Why Does This Chip Designer Have a New CEO?

What a long, strange week it's been for InvenSense (NYS: INVN) . And I'm not so sure the weirdness will subside anytime soon.

First, the company reported second-quarter results on Tuesday. Earnings of $0.16 per share and revenue of $55.3 million were right in line with analyst targets, but third-quarter revenue guidance fell short of Street targets by roughly 2%.

InvenSense's motion sensor sales largely ebb and flow in a seasonal pattern, because most of them go into gaming systems that sell like hotcakes over the holidays. More specifically, InvenSense is a pretty good proxy for sales of the Nintendo (NASDAQOTH: NTDOY.PK) Wii console, which is fading out as its successor launches next month. The company hopes to show up in smartphones and tablets one of these days, but that's not a significant market yet.

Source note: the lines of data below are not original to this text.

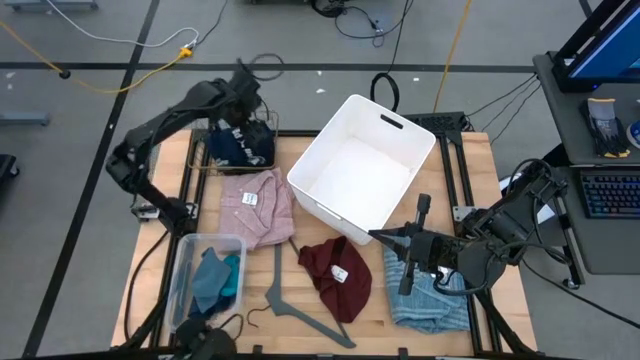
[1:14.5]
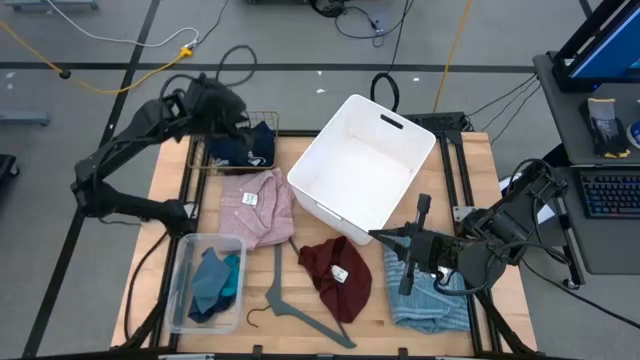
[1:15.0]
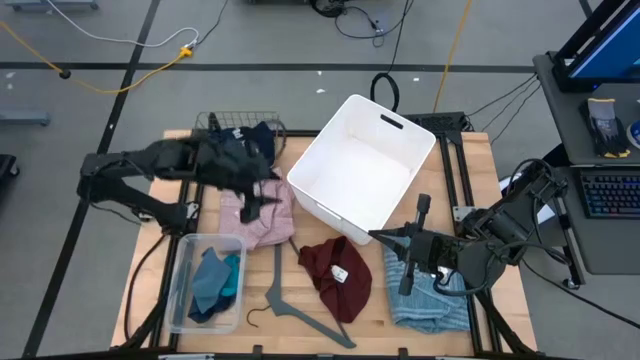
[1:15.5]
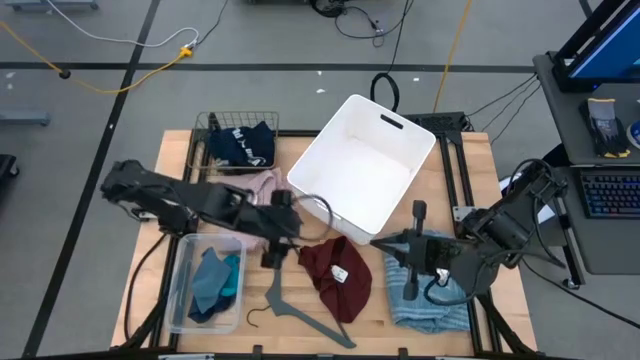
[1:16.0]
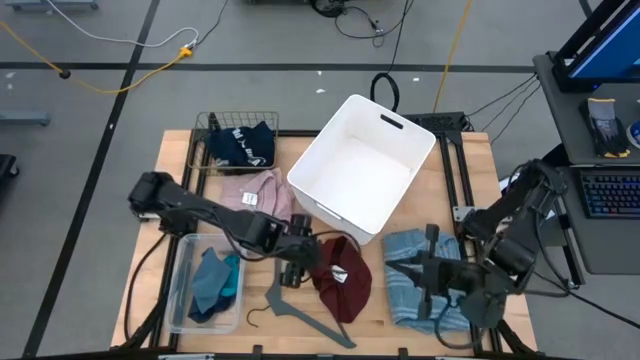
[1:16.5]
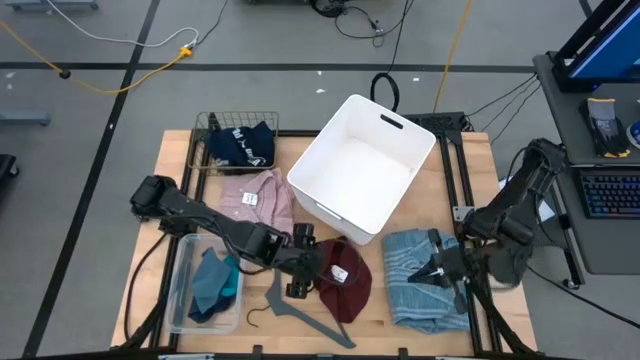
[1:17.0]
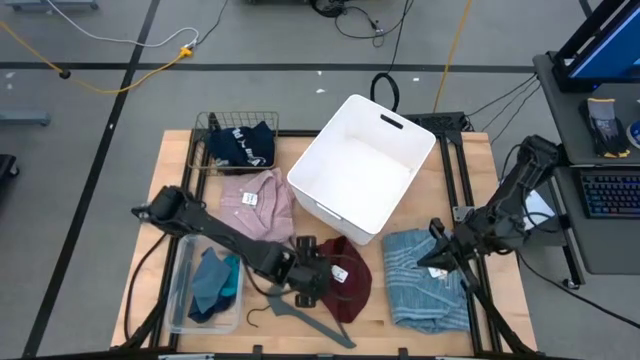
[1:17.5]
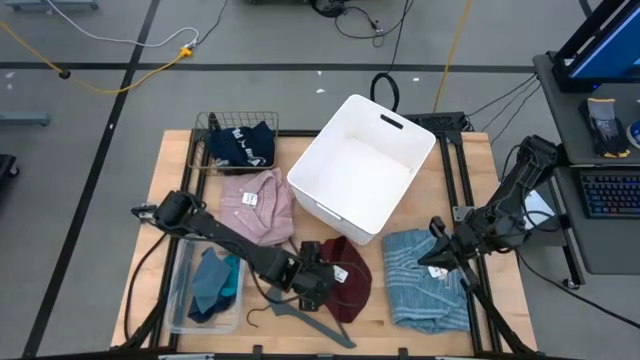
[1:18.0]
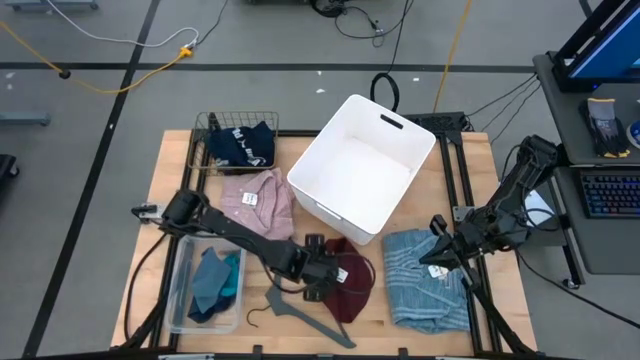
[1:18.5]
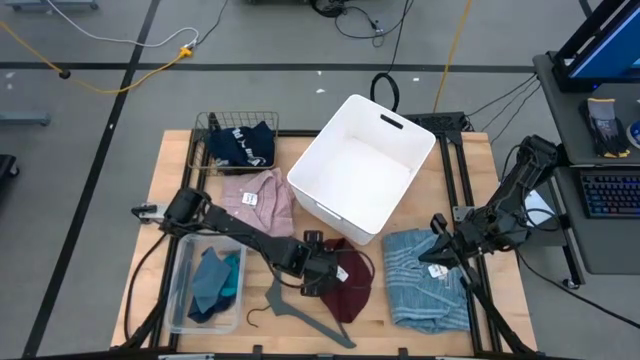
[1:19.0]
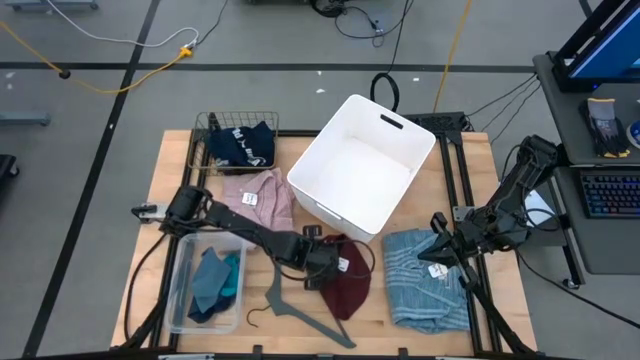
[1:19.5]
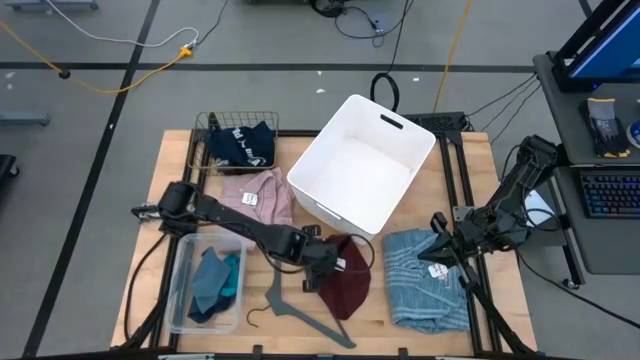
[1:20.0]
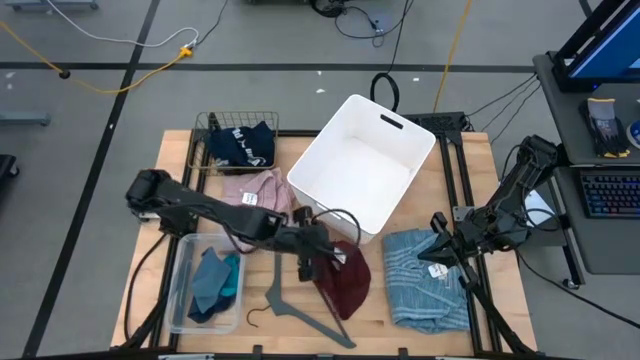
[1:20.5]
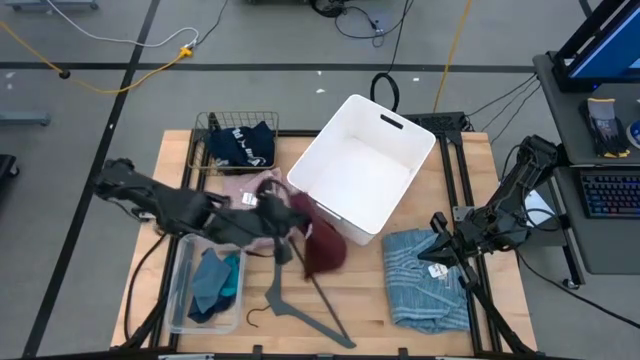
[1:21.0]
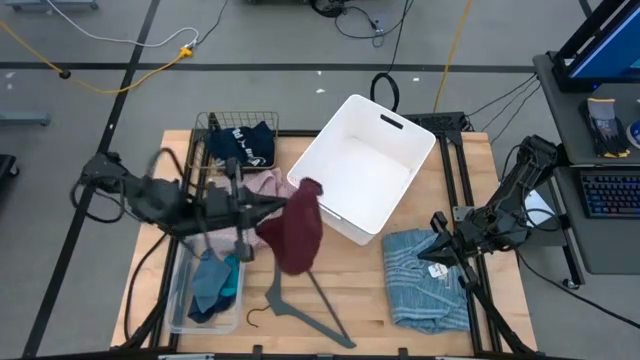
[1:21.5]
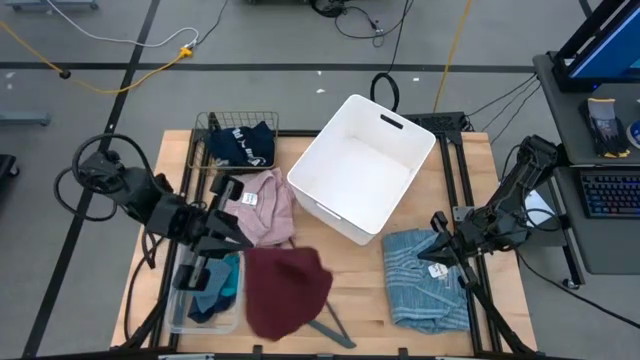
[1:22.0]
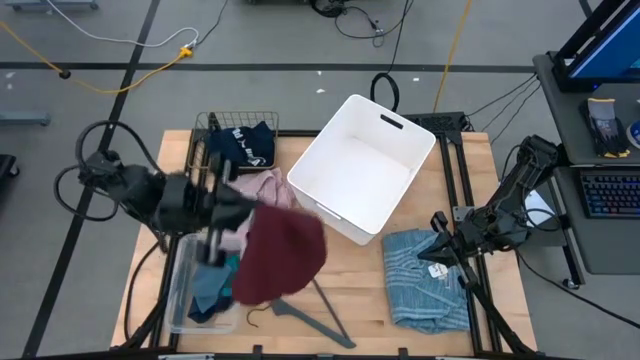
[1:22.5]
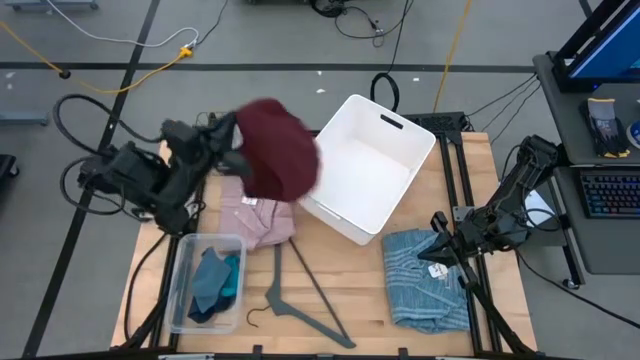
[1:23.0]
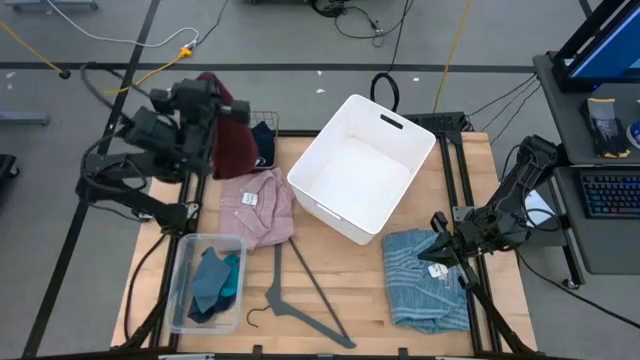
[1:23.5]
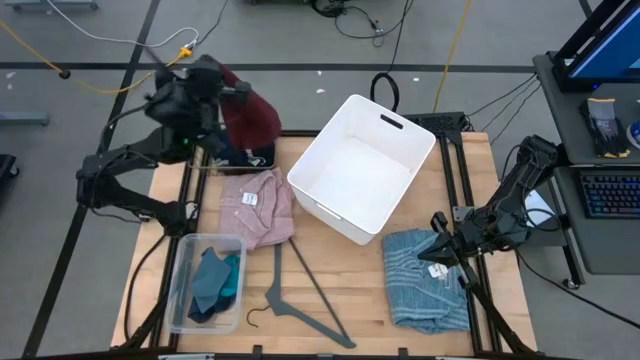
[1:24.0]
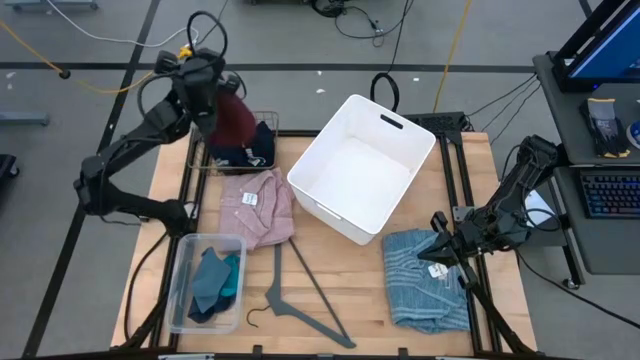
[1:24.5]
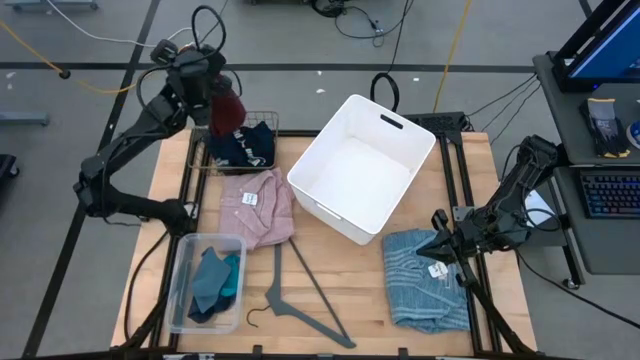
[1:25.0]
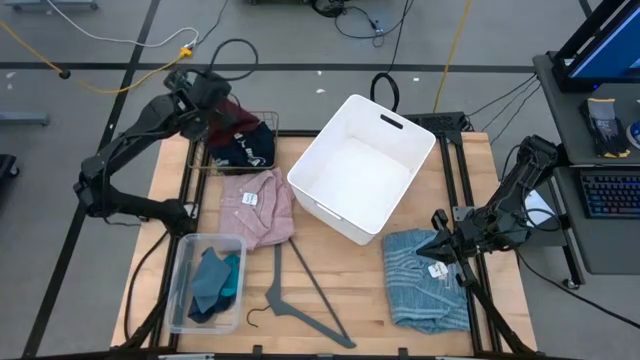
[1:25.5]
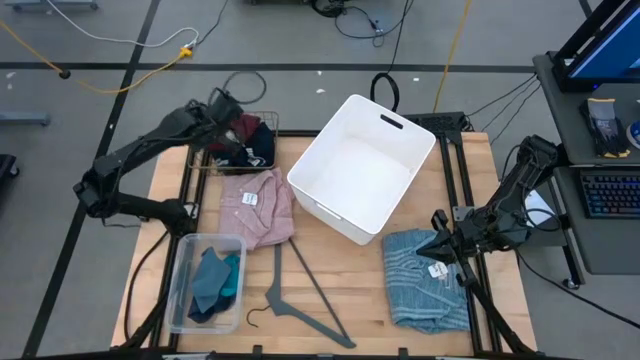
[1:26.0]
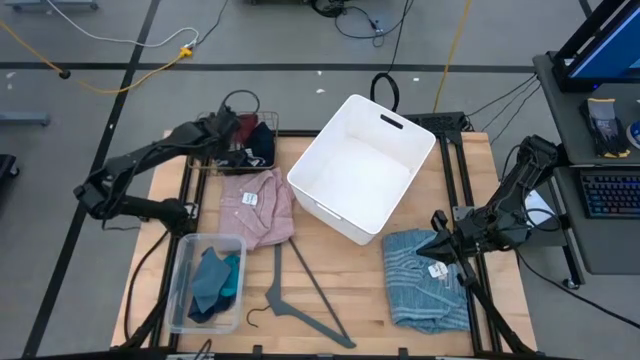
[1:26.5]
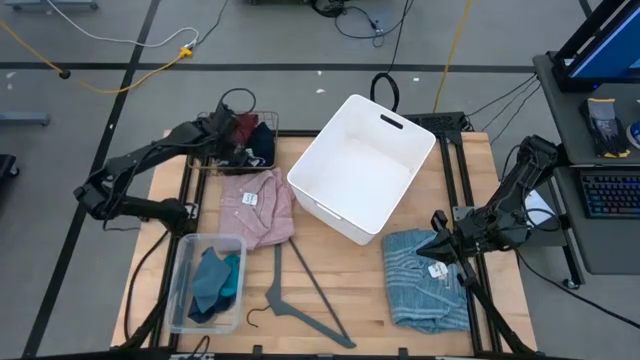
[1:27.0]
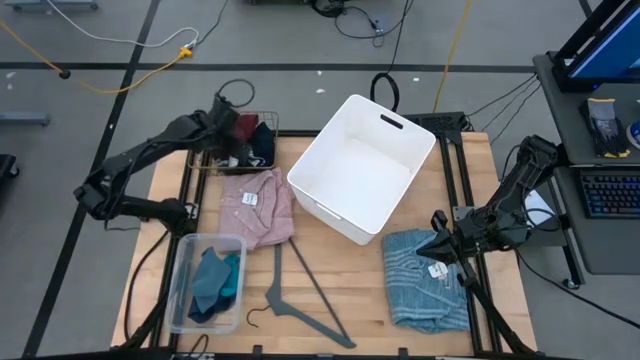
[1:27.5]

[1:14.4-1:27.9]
Put the red underwear into the wire basket

So that small guidance gap is most certainly not why InvenSense shares plunged as much as 20% that night, though. Steven Nasiri, the company's founder and longtime CEO, also announced his immediate resignation from his posts as CEO and chairman of the board.

That's a bit of a bombshell.

Nasiri will remain on InvenSense's payroll through the end of the year to help smooth out the transition to new CEO Behrooz Abdi. There's no word on why Nasiri is heading out, though he did say he's not planning to start another company at this time.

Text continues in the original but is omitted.